El locutor catalán se atrevió a enfrentarse al papel en blanco en cuatro ocasiones. En 2009 publicó ‘A prop de las estrelles de la NBA’ y se lo pasó tan bien en las presentaciones del libro, en las que constantemente acababa hablando con los asistentes de la acb y de las experiencias por toda Europa, que acabó sacando en 2011 ‘Basquetmania’. Cuatro años antes de su última obra publicada (‘Dream Team, el equipo que cambió la historia’, a medias con Manuel Moreno), allá por 2019, Jordi escribió el libro cuyo título mejor resumen su carrera: ‘Apostoflant’. La crónica de una vida dedicada al periodismo y su término más célebre, de la mano. “Lo usé por primera vez en una Lliga Catalana de 2005, en un triple final de la Penya. En un momento dado dije, no sé por qué, ese término francés, sinónimo de fantástico y fabuloso, que había oído catalanizar desde pequeño. Y no te creas que lo utilicé en muchas retransmisiones, un par de veces por temporada como mucho, pero hoy no puedo dar cuatro pasos en Cataluña sin que me lo recuerden. Y no me cansa en absoluto”.
Y si ‘apostoflant’ era marca registrada, Nacho Solozábal significó su compañero de baile más recordado. “No conozco a ninguna pareja de comentaristas, ni en España ni en Estados Unidos, que haya durado treinta años. Creamos un vínculo y éramos capaces de no pisarnos ni con varios segundos de delay. Con su respiración ya sabía cuando quería intervenir, y entonces me callaba. Nacho nunca fue un entrenador que hace de analista hasta que lo llame un equipo, sino un analista que quería hacer de analista. Ese fue su gran secreto”.
“Creo que, junto a Lavagnini formamos el triunvirato perfecto para mí”, añade. “Víctor es un grande. Tiene sus cosas que él mismo reconoce, pero posee dos virtudes muy muy buenas: una agenda telefónica brutal y la preparación de los partidos. Llamaba con normalidad a Obradovic en una previa, lo escuchabas hablar con Ricky Rubio, o se iba a comer con Pesic. Cuida sus amistades, domina los vestuarios de una manera excepcional y fuera de la pista es imbatible”. Cuánto costó la despedida.
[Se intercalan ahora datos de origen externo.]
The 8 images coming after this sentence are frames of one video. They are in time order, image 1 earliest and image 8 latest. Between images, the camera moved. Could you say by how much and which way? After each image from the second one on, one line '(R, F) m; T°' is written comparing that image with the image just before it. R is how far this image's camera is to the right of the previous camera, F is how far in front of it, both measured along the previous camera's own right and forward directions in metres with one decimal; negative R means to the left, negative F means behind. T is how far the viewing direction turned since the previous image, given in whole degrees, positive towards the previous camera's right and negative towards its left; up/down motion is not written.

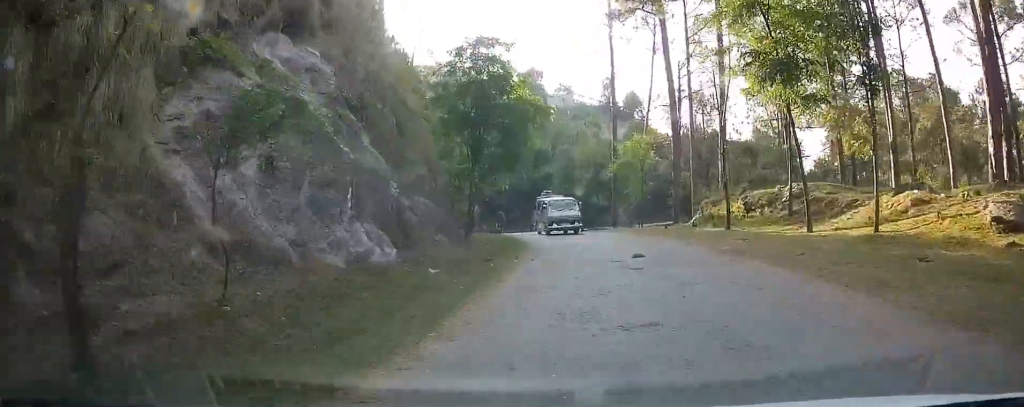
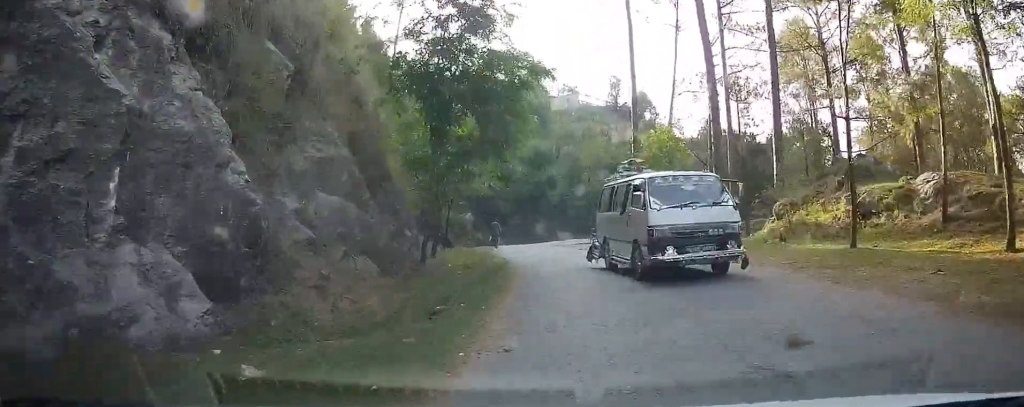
(+0.3, +12.7) m; +1°
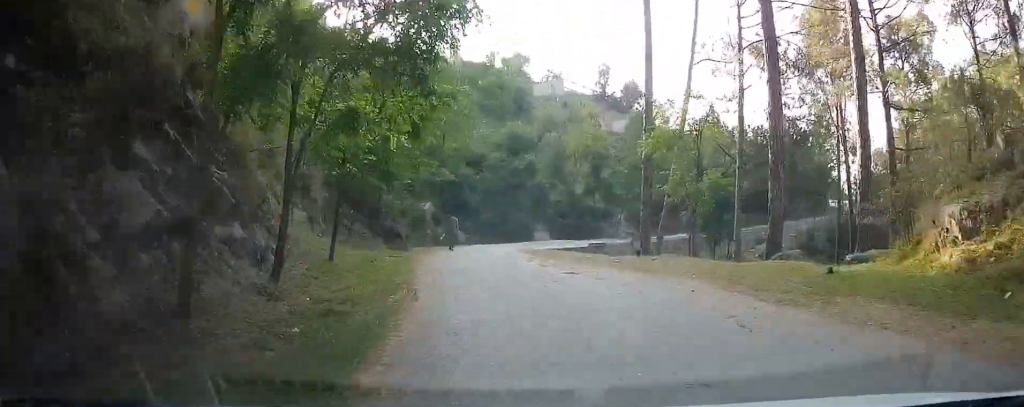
(+0.3, +12.9) m; -1°
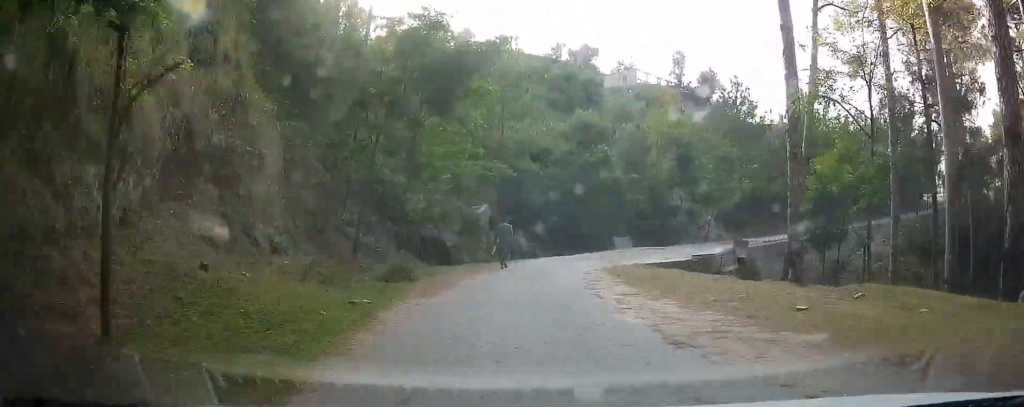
(-0.5, +7.7) m; -2°
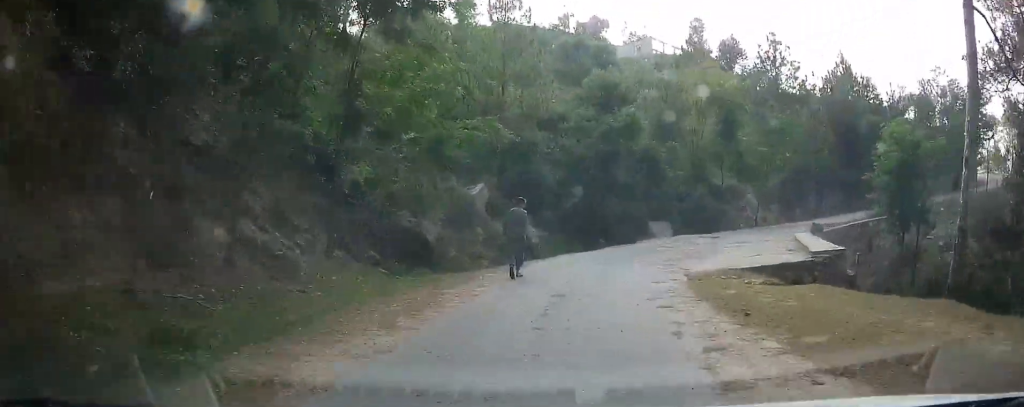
(+0.2, +8.3) m; +1°
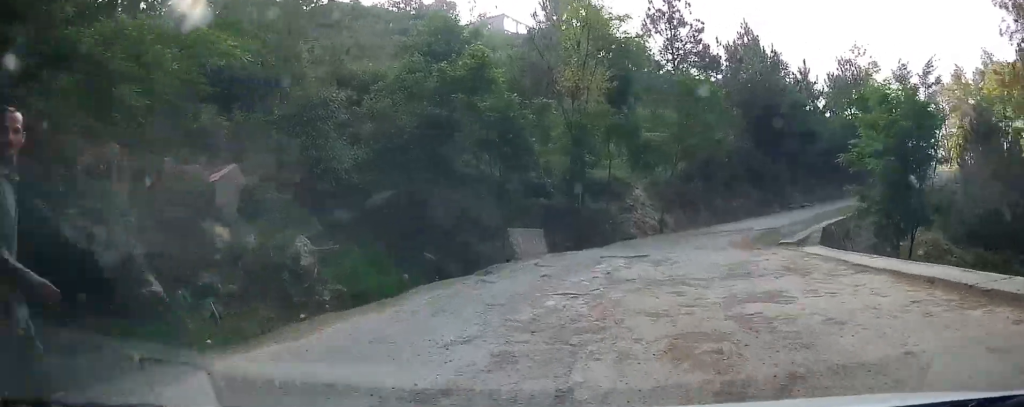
(+0.3, +13.0) m; +9°
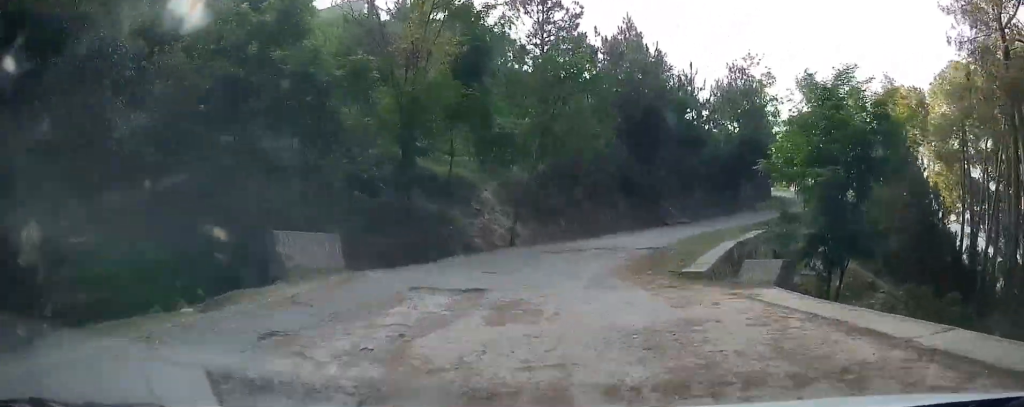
(+0.6, +5.4) m; +5°
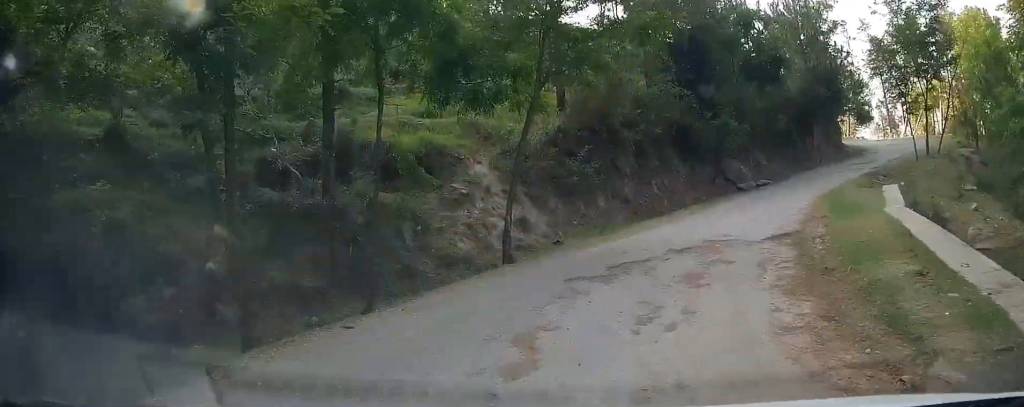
(+1.1, +11.6) m; +8°
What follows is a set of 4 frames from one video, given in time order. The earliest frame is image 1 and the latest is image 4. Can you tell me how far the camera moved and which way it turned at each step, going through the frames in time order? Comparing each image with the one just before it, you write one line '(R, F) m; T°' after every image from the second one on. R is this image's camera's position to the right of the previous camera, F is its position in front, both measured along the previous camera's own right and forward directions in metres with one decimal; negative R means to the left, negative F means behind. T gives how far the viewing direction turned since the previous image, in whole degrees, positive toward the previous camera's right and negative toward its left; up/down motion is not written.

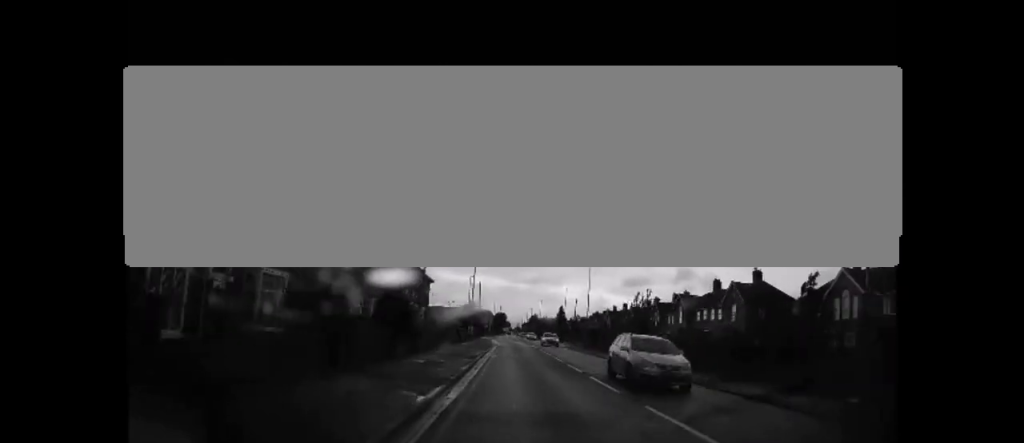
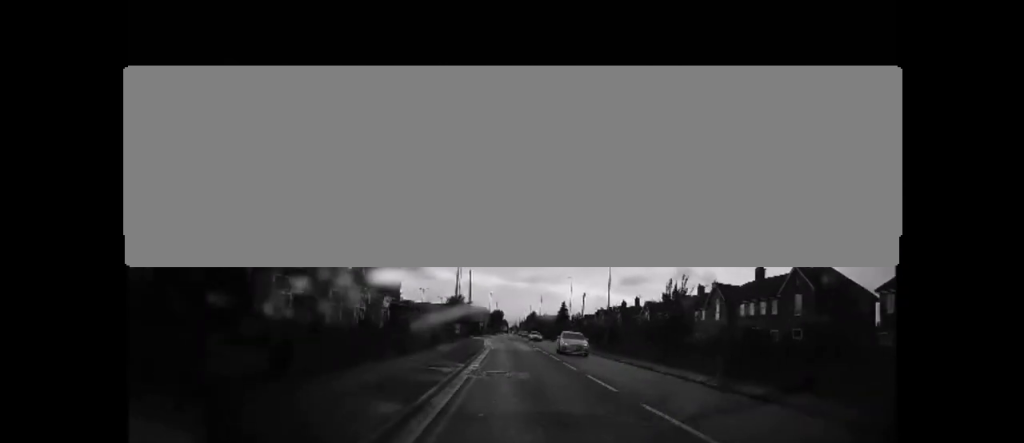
(-0.1, +12.6) m; 0°
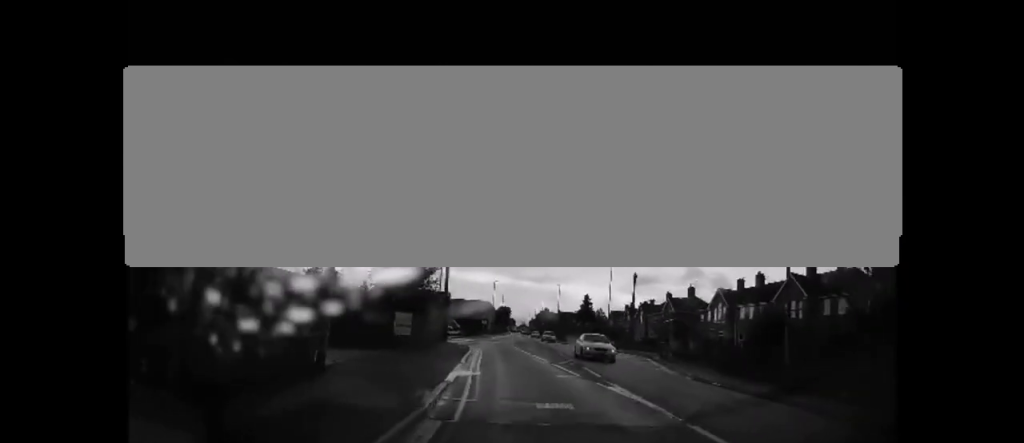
(+0.2, +26.9) m; 0°
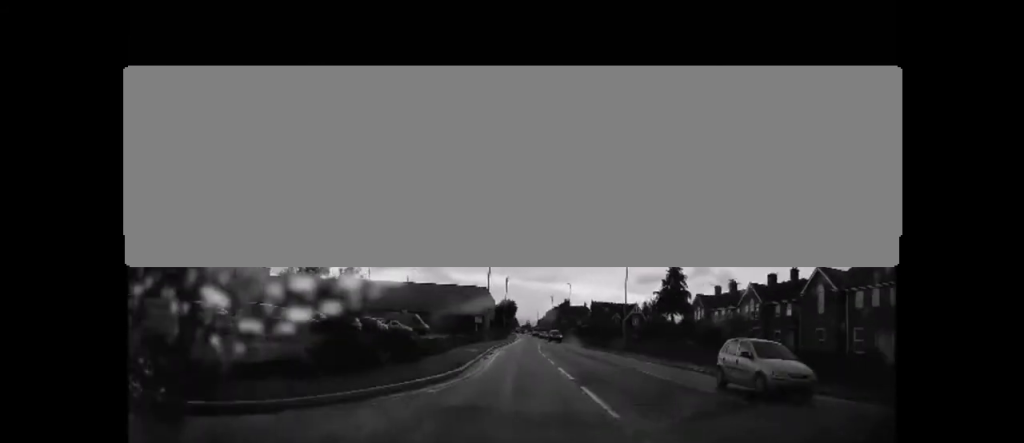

“Me jubilo porque mi tiempo ya ha pasado, ya ha llegado el final. A partir de ahora todo será recuerdo, pero pretendo que sea un recuerdo positivo y no nostalgia”, insiste, emocionándose al rememorar su última jornada de trabajo tras una especie de “Last Dance Tour”, a lo Kobe, que duró un curso entero.
“En la Lliga Catalana de 2024, la última que hice, la Federación Catalana me hizo un homenaje y eso apareció en el informativo de TV3. Se enteró todo el mundo, y me lo preguntaban por la calle, cuando aún me quedaban muchos meses para irme. El último tramo se hizo largo, con multitud de homenajes y entrevistas. Ese día de la jubilación en cocreto le confesé a mi mujer que estaba inquieto, sin saber lo que sucedería, pese a que suelo controlar bien las emociones. Conduje con el corazón encogido”. Jordi llevó doble ración de dulces, para los trabajadores del turno de mañana y tarde, y acabó recibiendo un reverencial pasillo por los mismos compañeros que le venían de mantearle.
Un par de semanas más tarde, el mismísimo Pau Gasol, que se declaraba admirador de Jordi Robirosa desde los tiempos de Basquetmanía, quiso que presentase el acto en el que el consitorio de Barcelona distinguió con la medalla de oro de la ciudad a la leyenda de Sant Boi. “Fue una manera de cerrar el círculo. Me da mucho orgullo y se me pone la piel de gallina, no soy inmune a ese tipo de cosas, como cuando en la calle alguien de 50 me dice que con 15 me seguía y que le infundí pasión por el básquet. Desconfía de los periodistas que dicen que no le gustan los reconocimientos porque mienten todos”.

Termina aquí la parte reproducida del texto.